All healthcare units capable of managing pregnant women in cardiac arrest should engage in specialized clinical training to manage cardiac arrest during pregnancy. Upon recognition of a cardiac arrest in a pregnant individual, either within or outside the hospital, prompt communication with an obstetrician and neonatologist is critical. Cardiopulmonary resuscitation (CPR) should generally adhere to the standard adult guidelines, encompassing chest compressions, ventilation, pharmacological interventions, and defibrillation according to adult recommendations. Electrode pads should be positioned as standard, and defibrillation energy levels should remain consistent with those used for non-pregnant adults. The fetus is not harmed by defibrillation, amiodarone, or adrenaline (epinephrine).

In the event of a cardiac arrest in a pregnant patient, immediate consultation with an obstetrician, neonatologist, and anesthesiologist is essential.

Livmodern komprimerar vena cava inferior och aorta descendens när kvinnan ligger ner. Vid ett hjärtstopp är trycken på ven- och artärsidan mycket låga, vilket gör att livmodern kan förhindra allt venöst återflöde. Detta kan avhjälpas genom att förskjuta livmodern till vänster. Överväg att luta kvinnans kropp 15–30° i lateralt sidoläge för att avlasta trycket på de stora kärlen.
Figure 1. When a pregnant woman is supine, the uterus can exert significant compression on both the inferior vena cava and the descending aorta. During a cardiac arrest, the venous and arterial pressures are substantially reduced, potentially leading to complete obstruction of venous return by the uterus. This can be remedied by manual displacement of the uterus to the left. Consider tilting the patient at a 15–30° left lateral angle to relieve pressure on the major vessels.

A large uterus exerts pressure on the descending aorta and vena cava inferior. The pressure in the vena cava inferior is very low, such that the vein can be fully compressed in the supine position in a cardiac arrest. For women beyond the 20th week of pregnancy, or when the fundal height surpasses the umbilicus, the uterus should be manually displaced to the woman’s left side (Figure 1). Additional offloading of the vena cava can be accomplished using a wedge board (or any hard material) to tilt the body 15 to 30° to the left. The supporting surface should be sufficiently rigid to ensure chest compressions remain effective. Although the empirical evidence supporting these interventions may be limited, they are consistently endorsed by expert panels.

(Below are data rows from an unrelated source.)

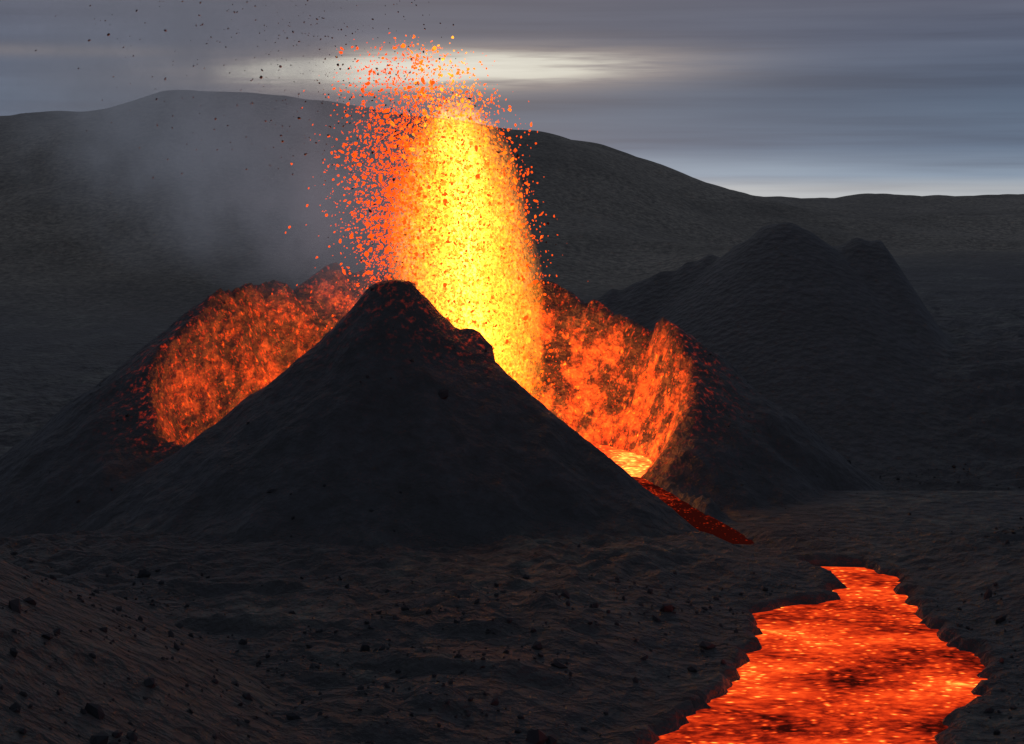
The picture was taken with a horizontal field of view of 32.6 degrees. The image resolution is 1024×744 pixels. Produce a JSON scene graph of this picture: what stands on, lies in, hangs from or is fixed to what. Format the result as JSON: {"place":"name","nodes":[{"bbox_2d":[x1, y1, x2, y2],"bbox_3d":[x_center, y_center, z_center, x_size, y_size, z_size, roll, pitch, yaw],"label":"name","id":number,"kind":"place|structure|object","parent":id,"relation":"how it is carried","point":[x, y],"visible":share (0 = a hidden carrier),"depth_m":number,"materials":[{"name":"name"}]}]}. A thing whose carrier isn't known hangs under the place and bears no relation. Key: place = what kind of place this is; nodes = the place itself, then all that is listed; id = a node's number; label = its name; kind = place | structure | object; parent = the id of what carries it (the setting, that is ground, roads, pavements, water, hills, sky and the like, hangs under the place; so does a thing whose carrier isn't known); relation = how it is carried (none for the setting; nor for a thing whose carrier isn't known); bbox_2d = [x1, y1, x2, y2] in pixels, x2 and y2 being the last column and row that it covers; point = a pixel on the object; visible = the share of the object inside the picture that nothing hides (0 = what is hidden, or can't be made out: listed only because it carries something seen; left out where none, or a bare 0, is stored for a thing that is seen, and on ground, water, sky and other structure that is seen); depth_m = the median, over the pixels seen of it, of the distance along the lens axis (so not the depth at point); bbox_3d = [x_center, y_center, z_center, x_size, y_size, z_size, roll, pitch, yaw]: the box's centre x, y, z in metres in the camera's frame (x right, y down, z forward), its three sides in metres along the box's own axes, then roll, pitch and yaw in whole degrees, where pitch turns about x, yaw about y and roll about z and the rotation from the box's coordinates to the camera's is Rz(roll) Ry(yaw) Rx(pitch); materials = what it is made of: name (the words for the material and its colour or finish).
{"place":"outdoors","nodes":[
{"label":"outdoors","id":0,"kind":"place"},
{"bbox_2d":[35,0,477,181],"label":"volcanic ash particles","id":1,"kind":"object","parent":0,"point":[260,77],"visible":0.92,"depth_m":317.31,"materials":[{"name":"grey"}]},
{"bbox_2d":[0,90,1023,743],"bbox_3d":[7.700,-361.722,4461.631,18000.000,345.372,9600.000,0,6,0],"label":"volcanic terrain","id":2,"kind":"structure","parent":0,"point":[872,338],"depth_m":298.34,"materials":[{"name":"black stone"}]},
{"bbox_2d":[264,32,570,399],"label":"lava fountain","id":3,"kind":"object","parent":2,"relation":"on","point":[454,297],"visible":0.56,"depth_m":317.56,"materials":[{"name":"yellow liquid"}]},
{"bbox_2d":[0,288,1023,743],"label":"rocks","id":4,"kind":"object","parent":2,"relation":"on","point":[534,736],"visible":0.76,"depth_m":182.86,"materials":[{"name":"grey stone"}]},
{"bbox_2d":[633,477,689,505],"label":"lava flow","id":5,"kind":"object","parent":2,"relation":"on","point":[667,497],"visible":0.36,"depth_m":293.47,"materials":[{"name":"red liquid"}]},
{"bbox_2d":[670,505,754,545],"bbox_3d":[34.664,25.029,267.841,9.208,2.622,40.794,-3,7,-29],"label":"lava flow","id":6,"kind":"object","parent":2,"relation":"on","point":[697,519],"visible":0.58,"depth_m":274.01,"materials":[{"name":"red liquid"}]},
{"bbox_2d":[655,566,986,743],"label":"lava flow","id":7,"kind":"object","parent":2,"relation":"on","point":[868,657],"depth_m":193.31,"materials":[{"name":"orange liquid"}]},
{"bbox_2d":[0,0,1023,197],"label":"sky","id":8,"kind":"structure","parent":0,"point":[764,98],"materials":[{"name":"grey"}]},
{"bbox_2d":[593,444,650,474],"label":"lava pool","id":9,"kind":"structure","parent":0,"point":[630,463],"depth_m":324.10,"materials":[{"name":"liquid"}]}
]}

In the event of unsuccessful resuscitation within a 4-minute window, an emergent cesarean section should be considered to optimize fetal outcomes. The gestational age should ideally exceed 20 weeks. If the gestational duration remains uncertain, the cesarean section should be pursued if the fundal height of the uterus reaches or surpasses the level of the umbilicus. The fetus should ideally be delivered within 5 minutes following the maternal cardiac arrest.

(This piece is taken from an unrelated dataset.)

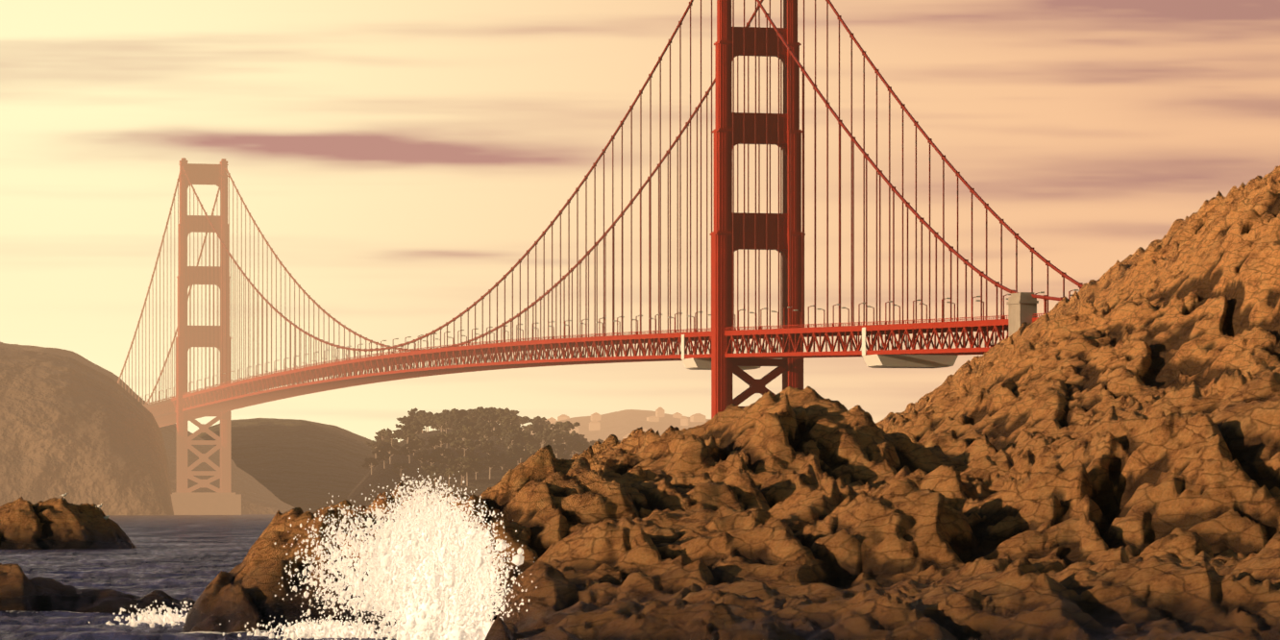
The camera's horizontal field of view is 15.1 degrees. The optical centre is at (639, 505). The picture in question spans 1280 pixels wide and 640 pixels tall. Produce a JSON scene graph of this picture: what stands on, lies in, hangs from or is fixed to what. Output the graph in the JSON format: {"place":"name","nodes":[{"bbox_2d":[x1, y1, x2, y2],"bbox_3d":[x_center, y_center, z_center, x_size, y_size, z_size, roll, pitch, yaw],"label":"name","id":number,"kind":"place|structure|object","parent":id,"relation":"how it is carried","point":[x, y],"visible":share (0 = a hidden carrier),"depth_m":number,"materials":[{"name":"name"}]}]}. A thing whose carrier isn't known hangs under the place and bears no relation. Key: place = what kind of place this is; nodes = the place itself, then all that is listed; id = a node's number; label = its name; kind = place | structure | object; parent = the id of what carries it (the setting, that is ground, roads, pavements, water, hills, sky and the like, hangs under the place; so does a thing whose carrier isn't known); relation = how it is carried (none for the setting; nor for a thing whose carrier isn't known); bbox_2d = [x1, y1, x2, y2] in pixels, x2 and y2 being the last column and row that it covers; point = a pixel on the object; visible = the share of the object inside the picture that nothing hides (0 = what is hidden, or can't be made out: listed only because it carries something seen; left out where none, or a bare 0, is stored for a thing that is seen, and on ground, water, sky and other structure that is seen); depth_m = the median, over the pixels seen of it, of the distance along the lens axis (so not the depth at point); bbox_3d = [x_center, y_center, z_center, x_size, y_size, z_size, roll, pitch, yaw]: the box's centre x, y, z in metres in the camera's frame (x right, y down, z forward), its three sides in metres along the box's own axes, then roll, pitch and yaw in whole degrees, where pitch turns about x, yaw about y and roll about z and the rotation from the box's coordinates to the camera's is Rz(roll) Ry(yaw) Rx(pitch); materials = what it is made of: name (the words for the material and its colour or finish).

  • Within the context of pregnancy, hypovolemia and other etiologies of hypotension remain the predominant causes of cardiac arrest.
  • Should cardiac arrest occur postpartum, hemorrhage must be promptly considered as a differential, and immediate administration of 1 g intravenous tranexamic acid is recommended.
  • In circumstances of hypotension and hemorrhage, it is imperative to administer appropriate fluid or erythrocyte boluses to restore circulatory volume.
  • To ensure optimal oxygen delivery, high-flow oxygen therapy (100% FiO2) should be provided to maintain arterial oxygen saturation levels above 95%.
  • Given the young age of these patients and the typically short periods of no-flow and low-flow, the early consideration of extracorporeal membrane oxygenation (ECMO) is strongly advised.